TechTrends Now - Tech News for Builders and Operators

Most RAG tutorials I found were either "pip install langchain and you're done" or 50-page academic papers. I wanted something in between — a pipeline I could actually explain in an interview, where I understood every line.

So I built one from scratch. No LangChain, no LlamaIndex, no frameworks. Just FastAPI, FAISS, sentence-transformers, and an LLM API.

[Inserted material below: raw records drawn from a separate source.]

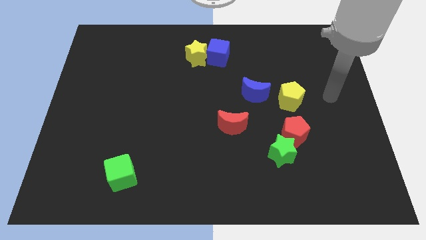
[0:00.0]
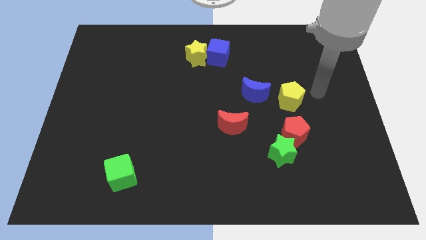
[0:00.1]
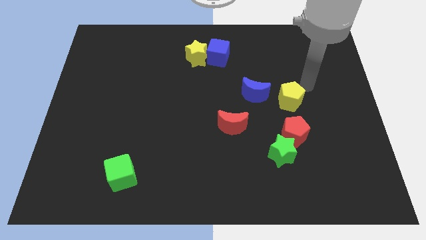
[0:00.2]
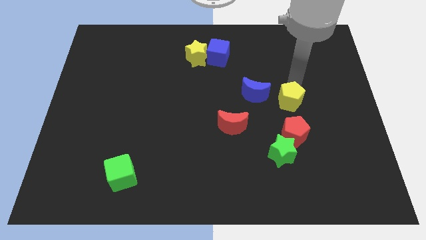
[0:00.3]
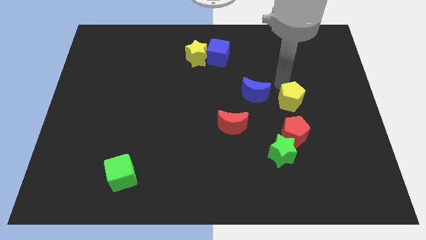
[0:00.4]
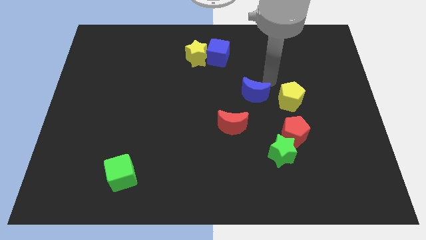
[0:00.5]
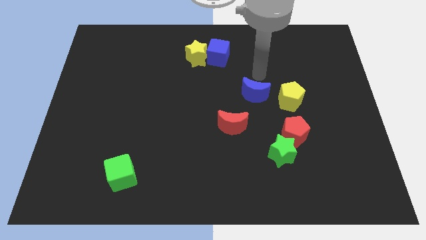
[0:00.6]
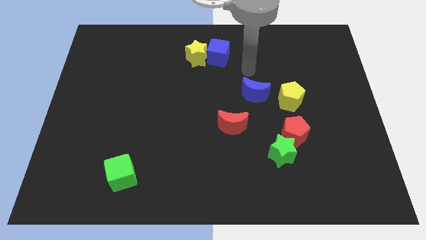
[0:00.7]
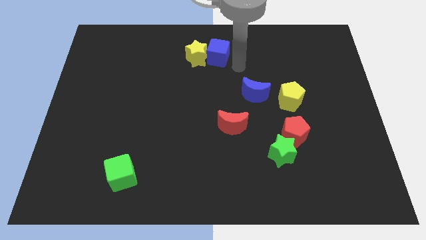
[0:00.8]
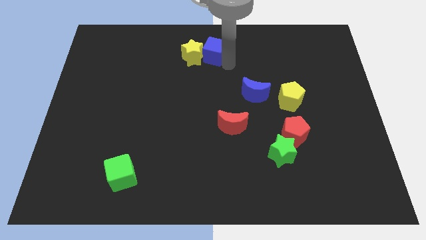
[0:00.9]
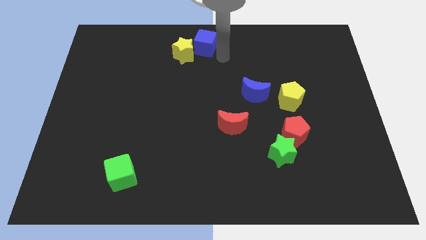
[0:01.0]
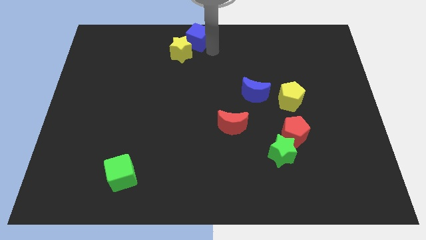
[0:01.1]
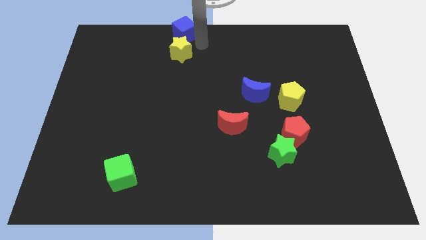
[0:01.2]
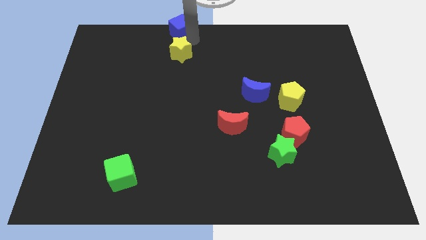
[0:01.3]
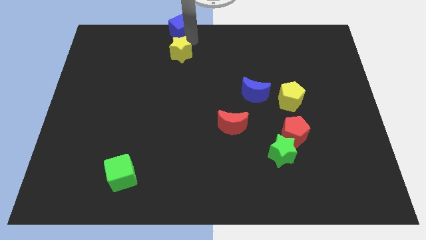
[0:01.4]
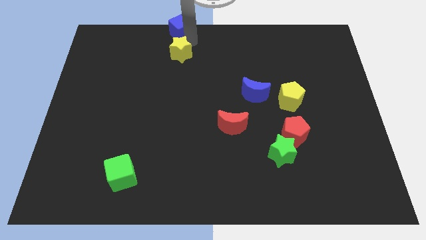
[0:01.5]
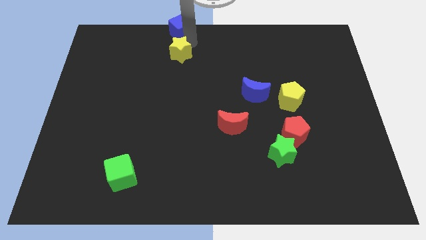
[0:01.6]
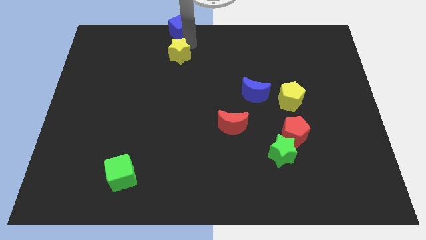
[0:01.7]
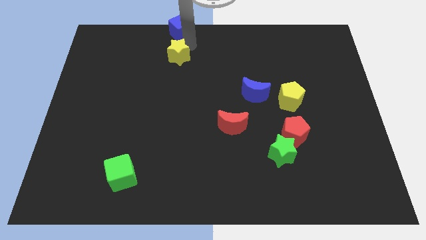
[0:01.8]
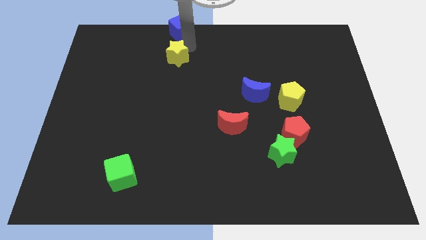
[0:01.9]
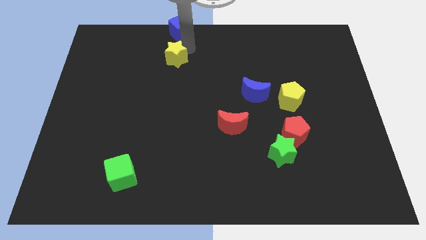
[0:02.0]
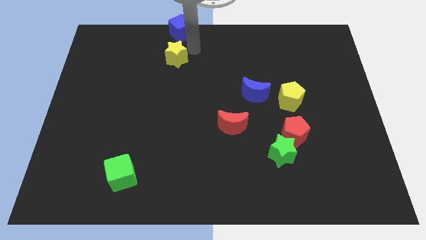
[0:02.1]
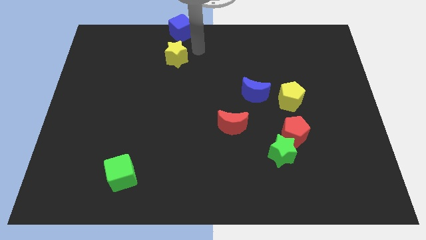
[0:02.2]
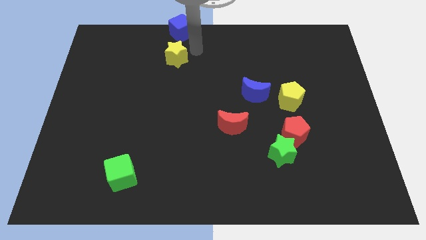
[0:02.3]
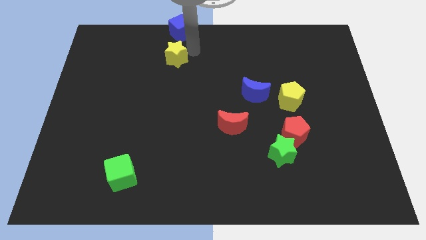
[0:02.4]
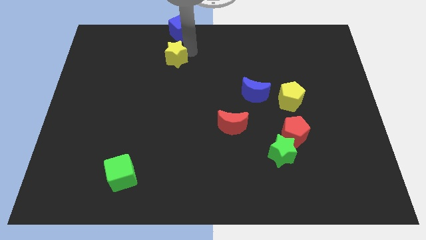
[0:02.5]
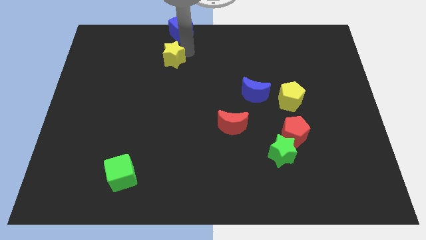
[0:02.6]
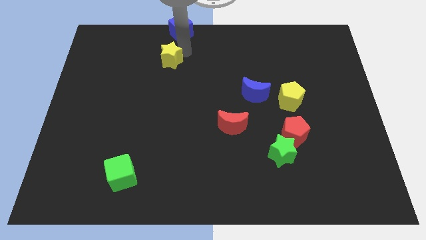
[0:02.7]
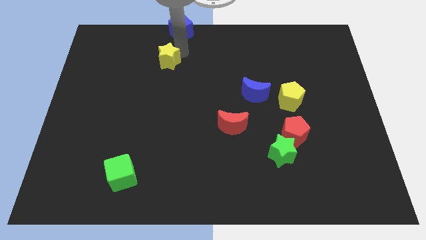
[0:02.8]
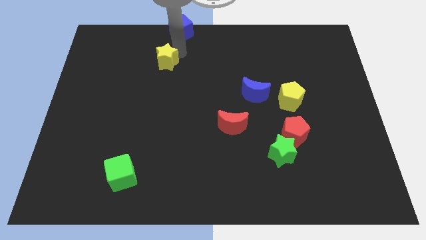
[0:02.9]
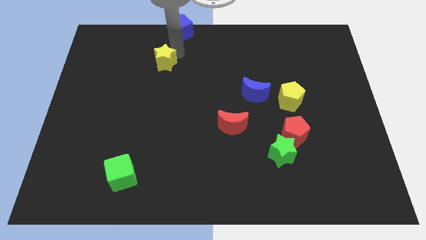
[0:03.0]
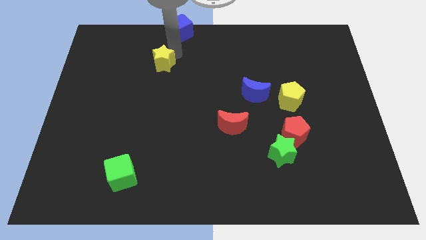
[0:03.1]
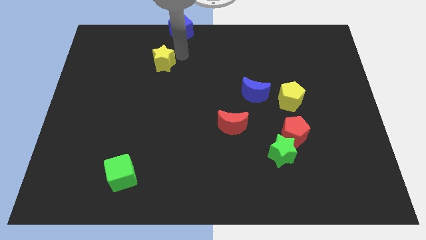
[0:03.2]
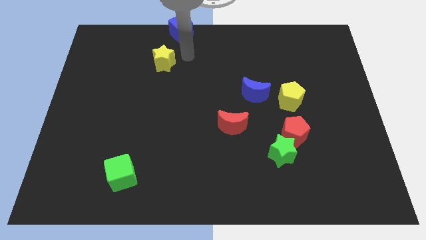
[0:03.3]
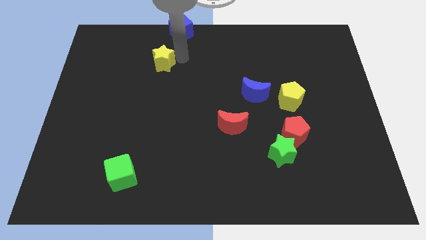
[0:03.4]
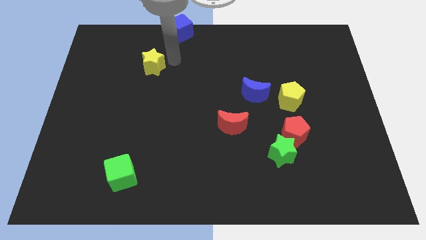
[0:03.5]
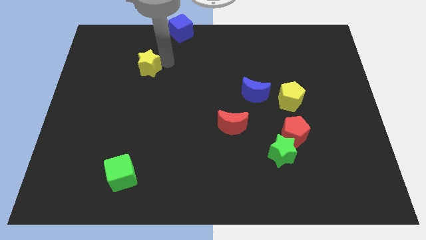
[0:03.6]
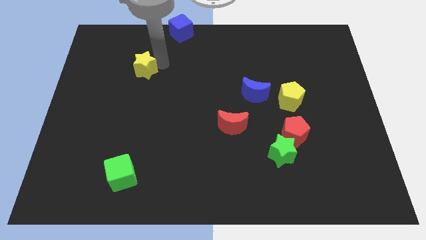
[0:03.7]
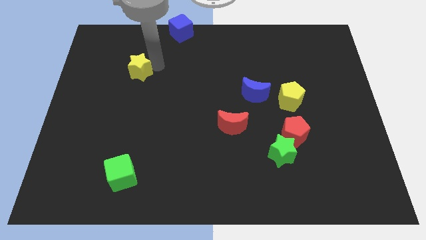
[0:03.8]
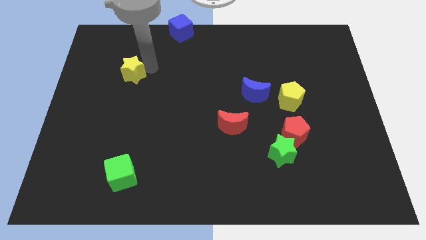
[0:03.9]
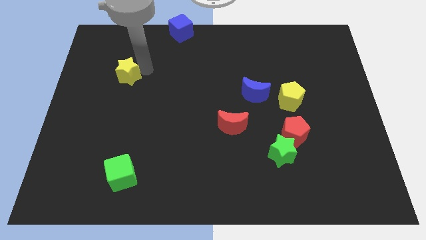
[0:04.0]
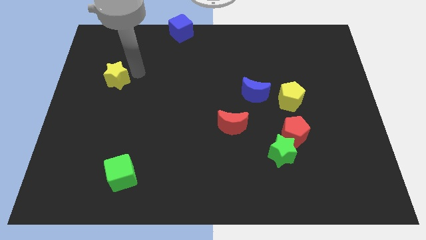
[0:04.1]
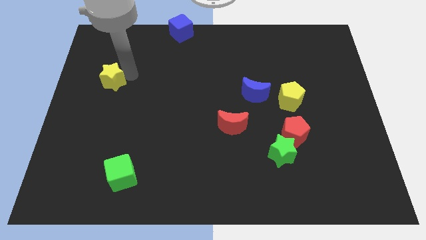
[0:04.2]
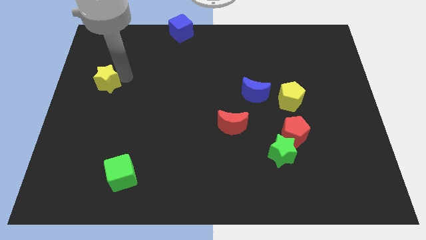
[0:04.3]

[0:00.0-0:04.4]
slide the yellow star to the center left

Here's what I built, what worked, and what broke.

The architecture

PDF --> extract text (pypdf) --> chunk (500 char, 50 overlap) --> embed (MiniLM-L6-v2)
                                                                        |
                                                                        v
question --> embed --> FAISS top-k search --> build prompt with chunks --> LLM --> answer + sources

Five Python files, ~300 lines total:

File	Responsibility
`main.py`	FastAPI app, 3 endpoints, prompt engineering
`pdf_loader.py`	PDF text extraction via pypdf
`rag.py`	Chunking + embedding
`store.py`	FAISS vector store wrapper
`llm.py`	Swappable LLM client (Groq / OpenAI / Anthropic)

How the upload works

When you POST a PDF to /upload, three things happen:

1. Text extraction — pypdf reads each page and returns the raw text. Pages with no extractable text (scanned images) are skipped.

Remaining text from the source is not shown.